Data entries
※ ※ ※
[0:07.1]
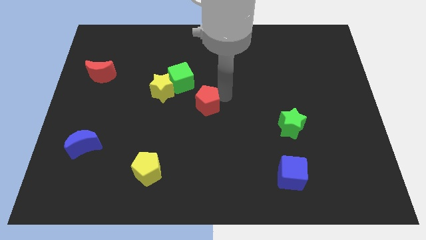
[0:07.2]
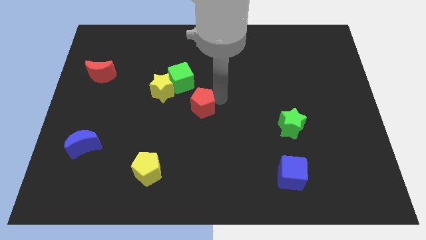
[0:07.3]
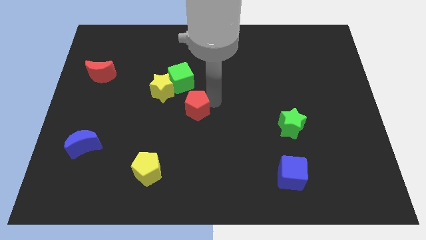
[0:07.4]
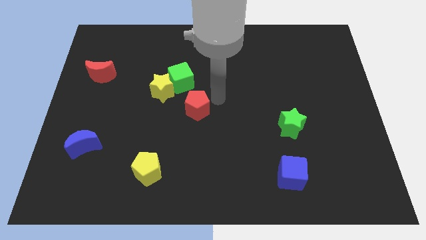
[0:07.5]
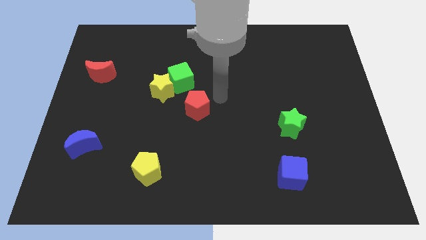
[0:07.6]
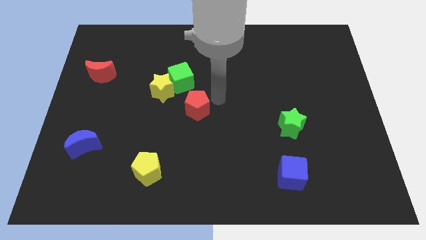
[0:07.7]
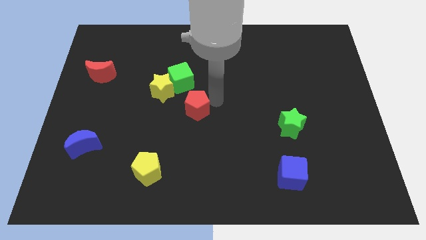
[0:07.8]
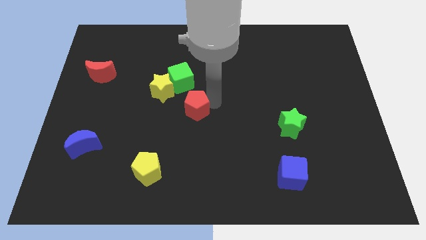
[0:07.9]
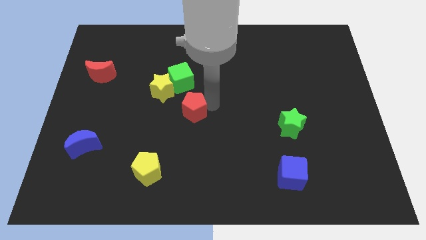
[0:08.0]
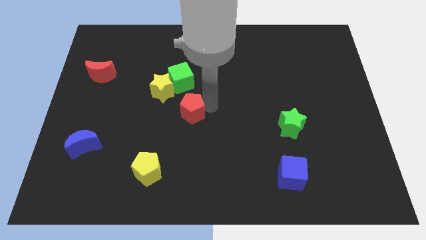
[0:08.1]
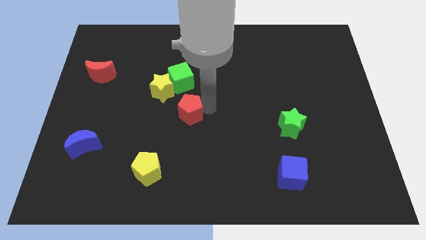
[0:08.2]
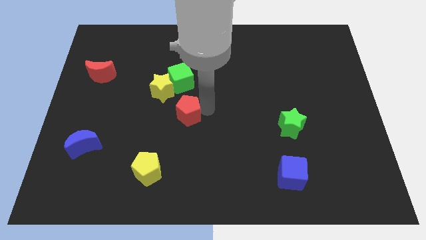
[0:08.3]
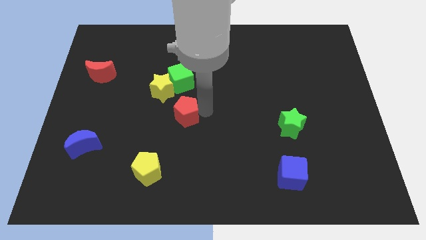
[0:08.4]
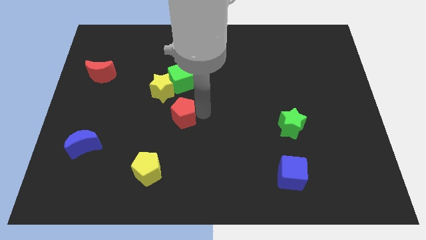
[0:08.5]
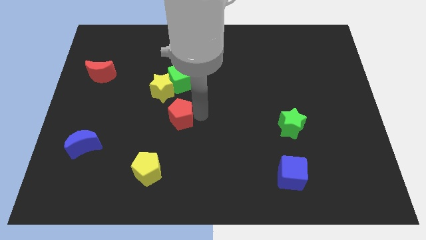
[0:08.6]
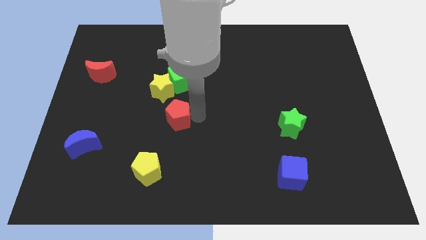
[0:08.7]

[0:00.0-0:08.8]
※ ※ ※
What you are asked to do:
Retype all the entries exactly; drop the pictures.

Exercise output:
[0:07.1]
[0:07.2]
[0:07.3]
[0:07.4]
[0:07.5]
[0:07.6]
[0:07.7]
[0:07.8]
[0:07.9]
[0:08.0]
[0:08.1]
[0:08.2]
[0:08.3]
[0:08.4]
[0:08.5]
[0:08.6]
[0:08.7]

[0:00.0-0:08.8]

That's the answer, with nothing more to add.